Skip all pictures. Write out the data below from its first line through the line that contains "A simulated town, filmed".

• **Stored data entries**
——

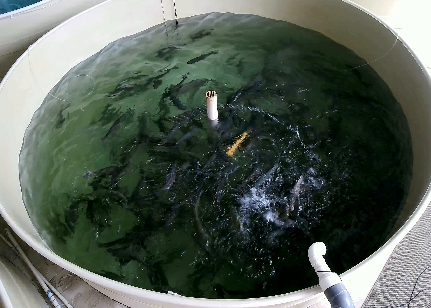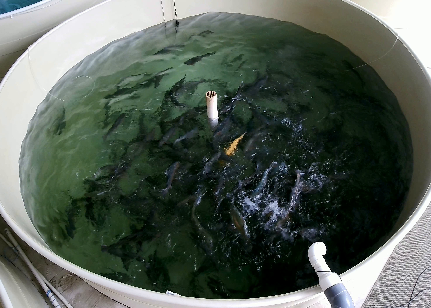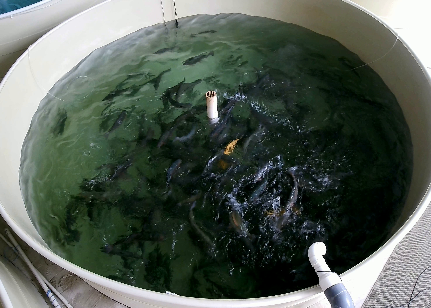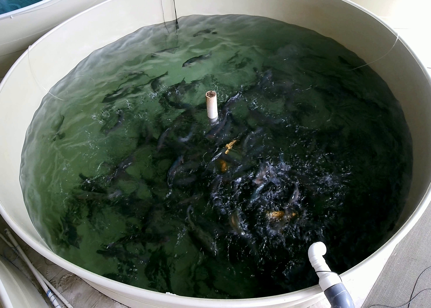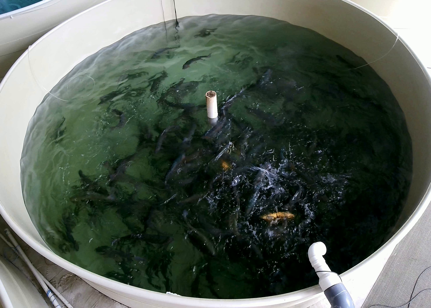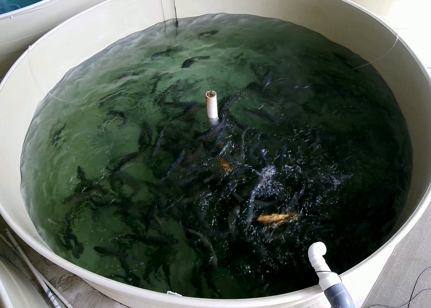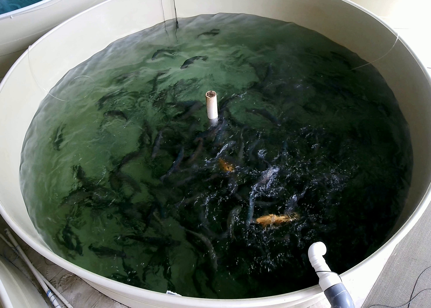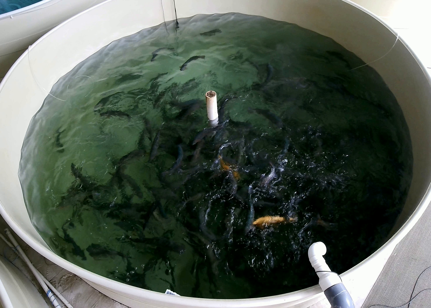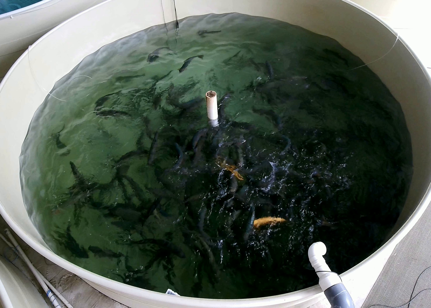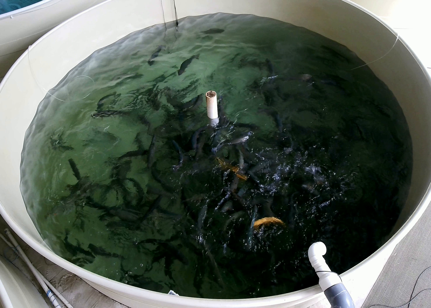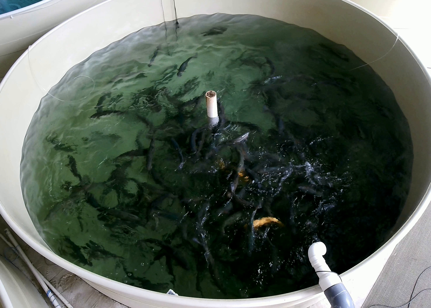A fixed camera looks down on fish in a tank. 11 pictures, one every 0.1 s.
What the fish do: Strong feeding.
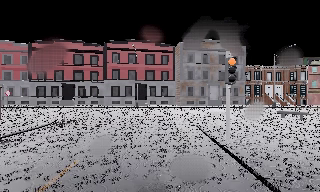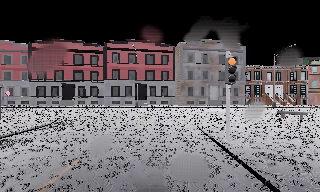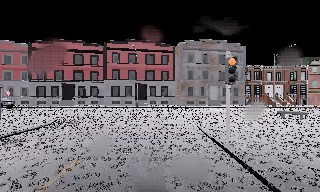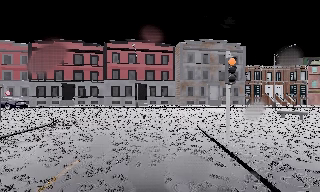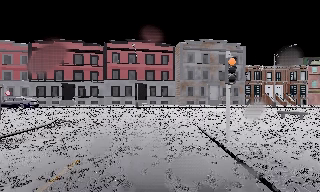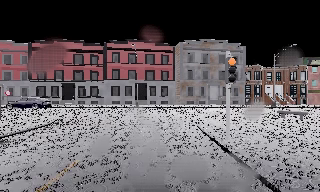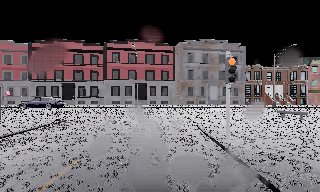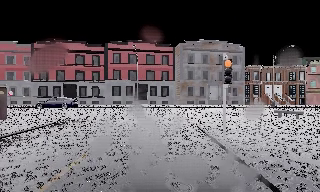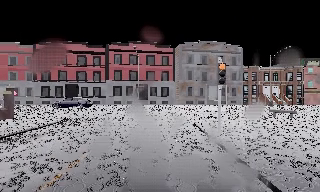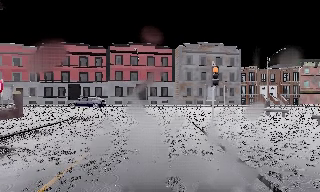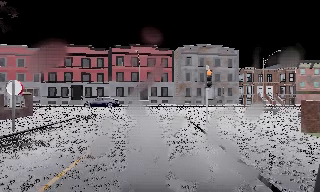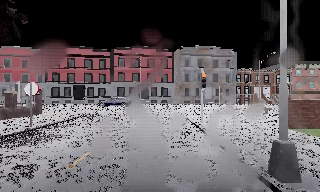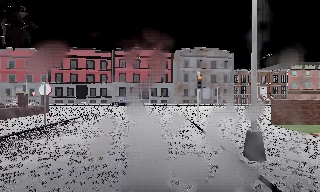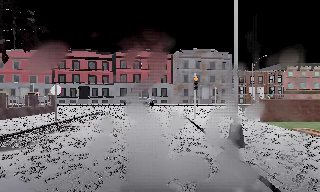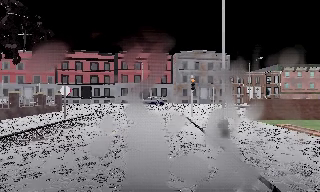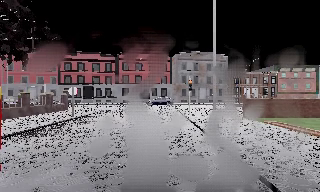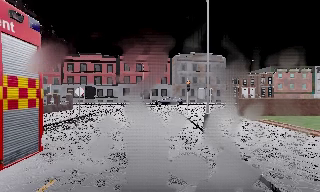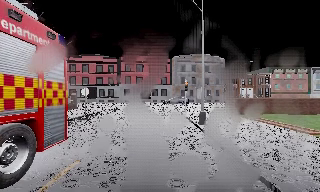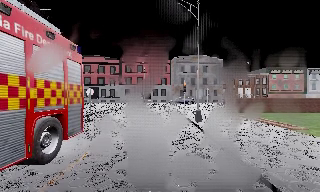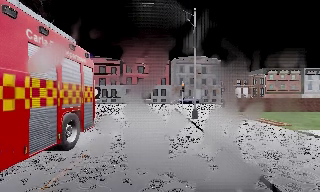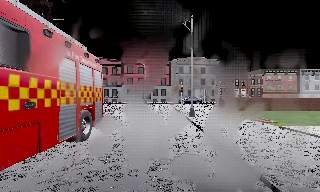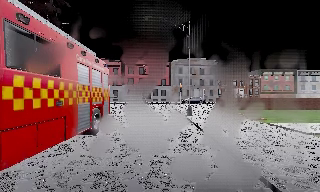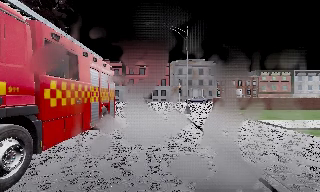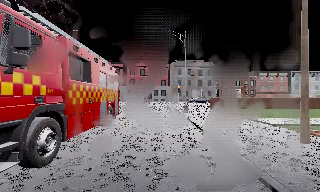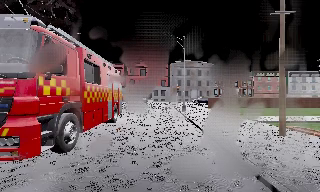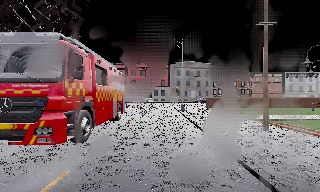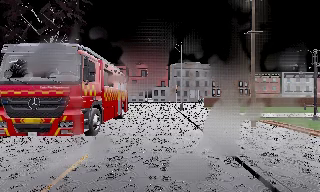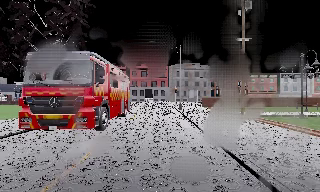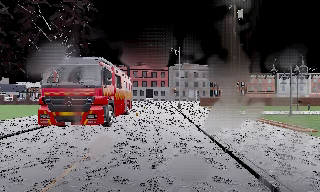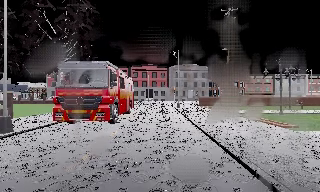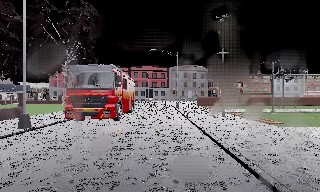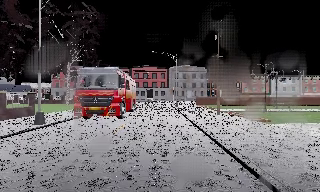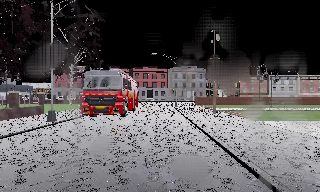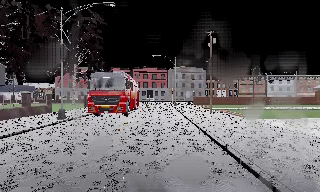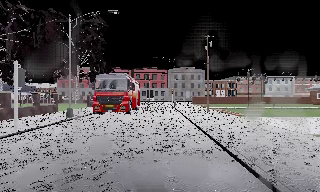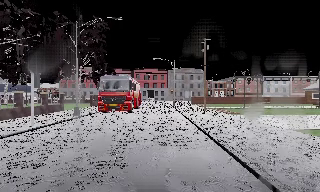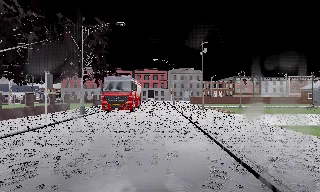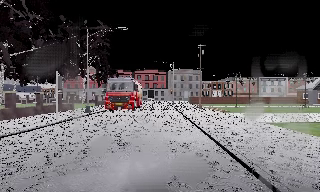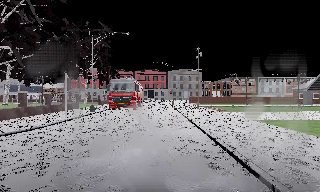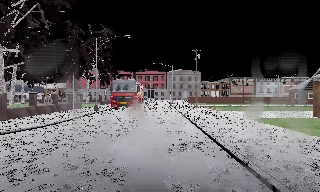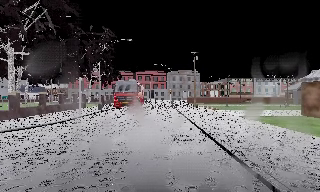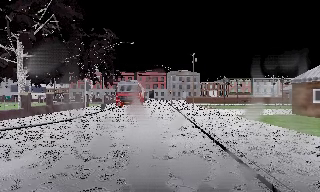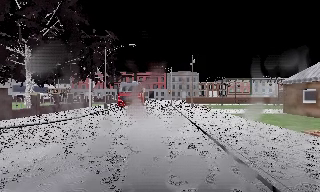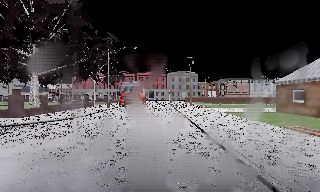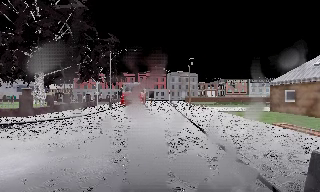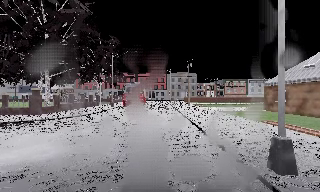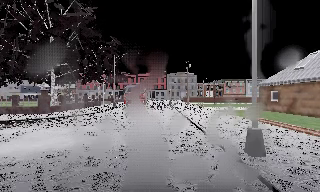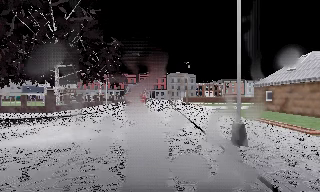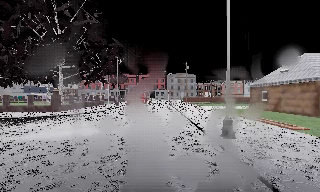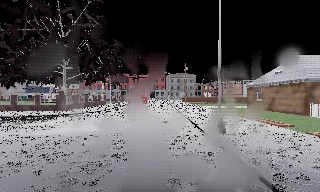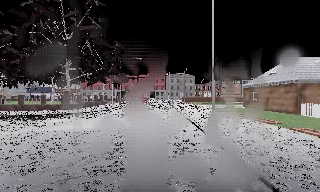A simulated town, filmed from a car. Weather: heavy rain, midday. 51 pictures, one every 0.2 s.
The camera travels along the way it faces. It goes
backward.
0.0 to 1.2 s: The camera keeps its place and its aim.
1.2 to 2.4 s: The camera travels backward, about 4.5 m, so what stands in front gets smaller. It gains speed.
2.4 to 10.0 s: The camera travels backward, about 35 m, so what stands in front gets smaller.
The film runs backward here.

——

• **Reply**
A fixed camera looks down on fish in a tank. 11 pictures, one every 0.1 s.
What the fish do: Strong feeding.
A simulated town, filmed from a car. Weather: heavy rain, midday. 51 pictures, one every 0.2 s.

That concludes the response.